Chris though, being basically a decent guy, does what any polite person in a minority tends to do: he works overtime to put his hosts at ease. He keeps quiet, he smiles, he laughs at jokes,  he tries to gently drift away. As almost the sole black person, he’s lost and out-of-his-depth and comfort zone (he’s reluctant about even going). All the other black people he meets are strange – Peel brilliantly shows the mixed messages from the servants in particular. In one brilliant sequence Georgina, the maid, says everything is fine while smiling and simultaneously crying. A black party guest dresses and behaves like the rest of the white people around him: has he just completely assimilated or is there something sinister going on here?
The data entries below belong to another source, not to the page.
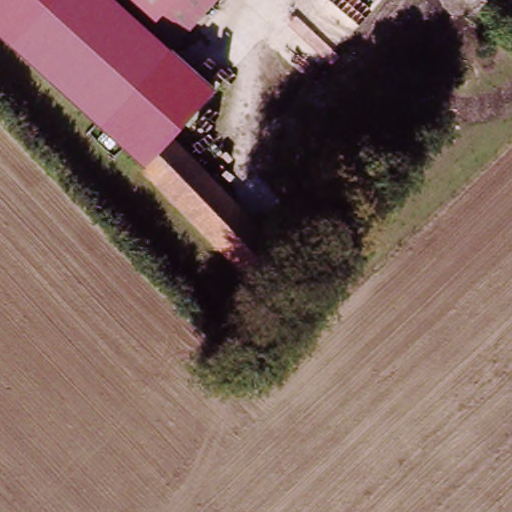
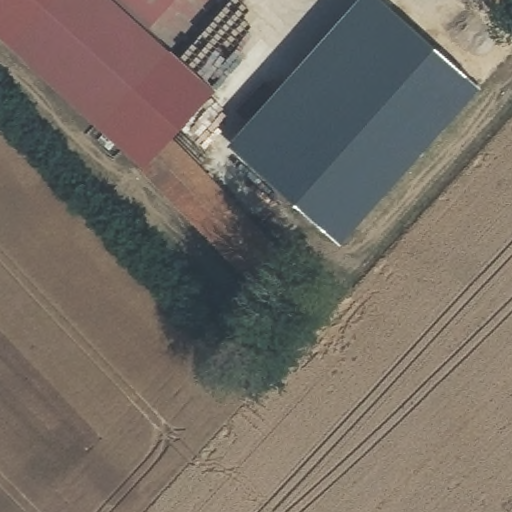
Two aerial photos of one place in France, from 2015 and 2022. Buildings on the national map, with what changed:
unchanged [(0,30),(0,0),(124,0),(171,43),(99,120),(0,30)]
unchanged [(124,0),(211,0),(171,43),(124,0)]
new [(383,0),(479,87),(340,244),(227,145),(357,0),(383,0)]
unchanged [(99,120),(171,43),(215,85),(168,136),(139,163),(99,120)]
unchanged [(168,136),(274,254),(249,278),(139,163),(168,136)]

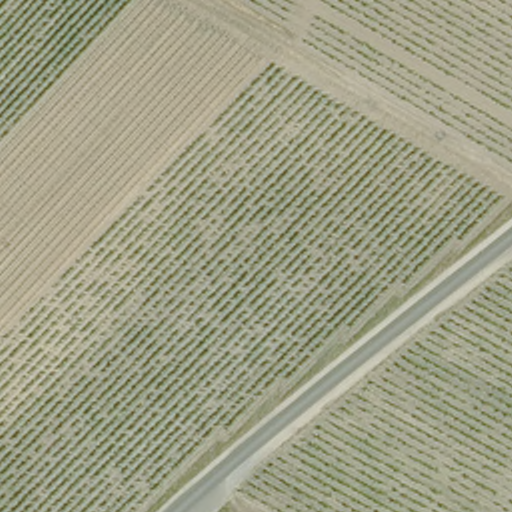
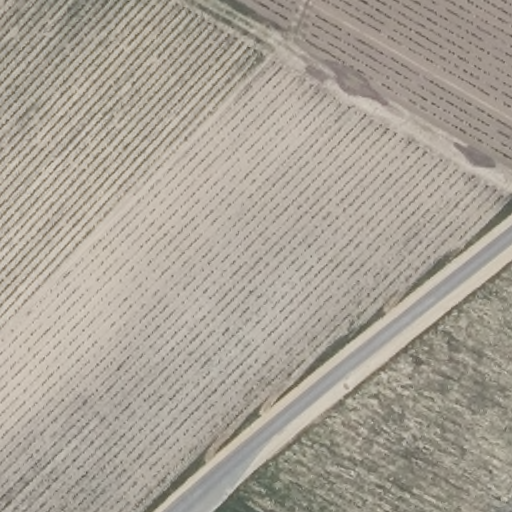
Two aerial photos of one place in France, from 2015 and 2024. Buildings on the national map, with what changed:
unchanged [(295,189),(286,198),(276,188),(286,180),(295,189)]

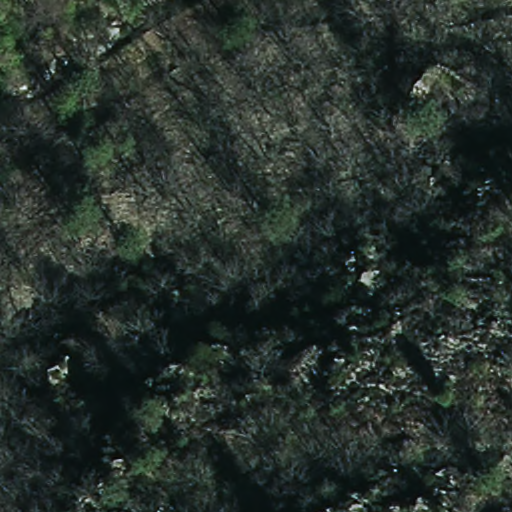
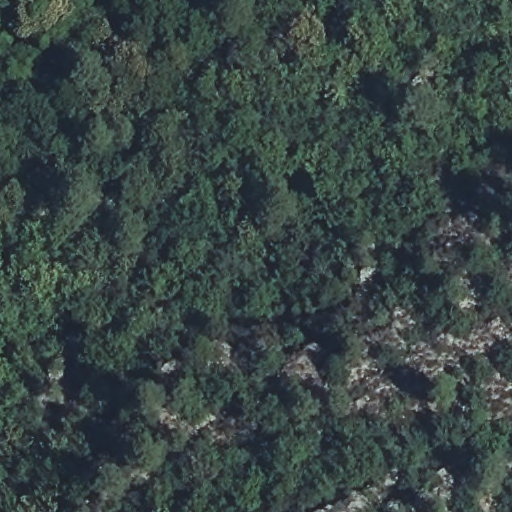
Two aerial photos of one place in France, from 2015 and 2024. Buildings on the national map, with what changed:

Chris might guess more – but until it’s too late he decides to batten down the hatches and ride out an awkward weekend.

The house has plenty of mystery – there is a throw-away reference to a locked off-limits basement. Early in the film the couple hit a deer with their car: the police demand to see Chris’ ID even though he wasn’t driving, to the outrage of Allison. It’s a brilliantly eerie opening that hints at danger to come, both in the corpse of the deer and the suspicion of the police. It’s a brilliant touch to explore the barely acknowledged underlying racism of some middle-class Americans – this liberal elite would be horrified to hear the suggestion that they are anything but open-minded, but in fact have deeply paternalistic, two-tier beliefs that have subtly developed since the end of segregation.

The film is played superbly by the whole cast. Bradley Whitford brilliantly inverts his Josh Lyman persona. Catherine Keener is a sort of warm Earth Mother figure, with darkness and control under the surface. Both characters seem suspicious and yet are both so open and direct in what they say, you think it’s almost too obvious to assume they are villains. Caleb Landry Jones as their son is both full of alpha-male welcome and strange, violent and scornful looks and yearnings. Allison Williams as Chris’ girlfriend seems a strange presence in this household, but her honest sympathy for Chris, and her growing realisation with him that something is wrong, is the one thread Chris has to hang onto.
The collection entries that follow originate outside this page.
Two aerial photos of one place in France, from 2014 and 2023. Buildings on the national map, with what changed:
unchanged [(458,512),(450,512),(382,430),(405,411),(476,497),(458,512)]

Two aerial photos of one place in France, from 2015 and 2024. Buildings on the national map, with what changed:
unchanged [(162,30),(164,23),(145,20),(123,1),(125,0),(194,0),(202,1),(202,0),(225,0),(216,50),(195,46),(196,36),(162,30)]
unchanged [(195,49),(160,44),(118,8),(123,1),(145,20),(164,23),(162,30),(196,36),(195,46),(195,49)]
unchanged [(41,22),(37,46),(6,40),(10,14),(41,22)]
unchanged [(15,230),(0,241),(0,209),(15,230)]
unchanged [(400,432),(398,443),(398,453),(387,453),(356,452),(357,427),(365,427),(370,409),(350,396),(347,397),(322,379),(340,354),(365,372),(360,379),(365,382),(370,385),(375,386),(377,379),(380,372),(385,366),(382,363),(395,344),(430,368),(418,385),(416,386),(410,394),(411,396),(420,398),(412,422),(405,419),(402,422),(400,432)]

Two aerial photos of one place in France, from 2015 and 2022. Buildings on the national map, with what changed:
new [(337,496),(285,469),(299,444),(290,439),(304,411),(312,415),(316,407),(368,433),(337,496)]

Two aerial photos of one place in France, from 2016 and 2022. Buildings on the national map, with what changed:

The star-turn of the movie is of course though Daniel Kaluuya as Chris. A young British actor, he’s superb here in a reactive role, trying to persuade himself everything is fine. His unease and insecurity are brilliantly done, as are the surface humour and reserved politeness he uses to disguise this. In a paranoid film, he is going out of his way to not appear paranoid. His relief in seeing any other black people – and then confused discomfort at their behaviour – is endlessly brilliant. As the plot progresses, Kaluuya takes Chris to some dark and emotional places, conveying both despair, fury and pain brilliantly. 

Peele’s film is not perfect. Introduce a character as a hypnotist and you are probably tipping the hat a little too soon – though to be fair, Peele even lampshades this by having Chris’ friend Rod (a hilariously endearing Lil Rel Howery) immediately point this out. The explosion of violence when it comes at the end is gratifying, but a little too much almost for a film about lack of power. The DVD contains an alternative ending that is, in fact, far better and more appropriate, which continues this theme (and is what I expected the ending to be as the film entered its final act) but was replaced because Peele felt (he says on the commentary) it needed a more upbeat ending.
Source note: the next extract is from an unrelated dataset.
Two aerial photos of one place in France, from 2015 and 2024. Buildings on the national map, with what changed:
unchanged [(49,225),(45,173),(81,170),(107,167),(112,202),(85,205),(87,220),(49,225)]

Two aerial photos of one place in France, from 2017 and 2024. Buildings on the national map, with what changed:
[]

Get Out though is both an excellent paranoia thriller with lashings of horror, and also a brilliant satire on race in America. Trading on the comedy of embarrassment, it has genuine things to say about how the racial divide hasn’t really gone away at all. Both funny and also deeply terrifying, its final reveal of what is going on is brilliant and also rings very true – as well as casting new light on several scenes we have already seen. Peele is a first-time director – but based on this he certainly won’t be one and done.